Now with the action value function for each state we will need n number of values where n equals to number of possible action in the corresponding state.

The **optimal action-value** function is denoted by $q_*$


$v_\pi(s) = q_\pi(s, \pi(s))$

## Optimal Policies

$Interaction \to q_* \to \pi_*$ 

* If an agent have optimal action value function then it can easily obtain optimal state value function.

## Summary

### Policies
***

* A **deterministic policy** is a mapping $\pi: S \to A$. For each state $s \in S$, it yields the action $a \in A$ that the agent will choose while in state s.
* A **stochastic policy** is a mapping $\pi : S \times A \to [0,1]$. For each state $s \in S$ and actions $a \in A$, it yields the probability $\pi(a|s)$ that the agent chooses action a while in state s. 



### State-Value Functions
***

* The **state-value function** for a policy $\pi$ is denoted $v_\pi$. For each state $s \in S$, it yields the expected return if the agent starts in state s and then uses the policy to choose its action for all time steps.
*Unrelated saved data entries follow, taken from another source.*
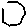
Label: hexagon
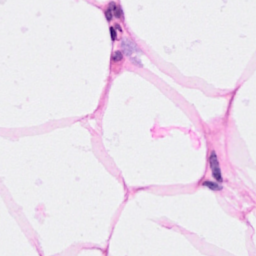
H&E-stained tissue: Breast
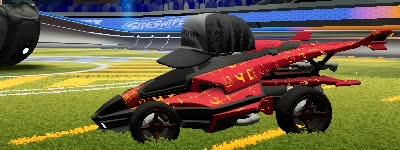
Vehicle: aftershock
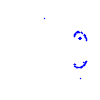
Particle: kaon

That is, $v_\pi (s) = E_\pi[G_t|S_t = s]$. We refer to $v_\pi(s)$ as the **value of state $s$ under policy** $\pi$.


### Bellman Equations
***

* The **Bellman expectation equation for $v_\pi$** is:
> $v_\pi (s) = E_\pi[R_{t+1} +\gamma v_\pi(S_{t+1})|S_t = s]$

### Optimality
***

* A policy $\pi ^{'}$ is defined to be better than or equal to a policy $\pi$ if and only if $v_{\pi^{'}}(s) >= v_{\pi}(s)$ for all $s \in S$.
* An **optimal policy** $\pi_*$ satisfies $\pi_* >= \pi $ for all policies $\pi$. An optimal policy is guaranteed to exists but _may not be unique_.
* All optimial policies have the same state-value function $v_*$, called the **optimal state-value function**.


## Action-value Functions
***

* The **action value function** for a policy $\pi$ is denoted $q_\pi$. For each state $s \in S$ and action $a \in A$, it yields the expected return if the agent starts in state s, takes action a, and __then follows the policy for all future time steps__. That is. $q_\pi (s,a) = E_\pi [G_t | S_t =s, A_t = a]$. We refer to $q_\pi(s,a)$ as the **value of taking action** a **in state** s **under policy** $\pi$ (or alternatively as the **Value of the state-action pair** s,a ).

* All optimal policies have the same action-value function $q_*$, called the **optimal action value function**.


## Optimal Policies
***

* Once the agent determines the optimial action-value function $q_*$, it can quickly obtain an optimal policy $\pi_*$ by setting $\pi_*(s = argmax_{a \in A(s)} q_*(s,a))$.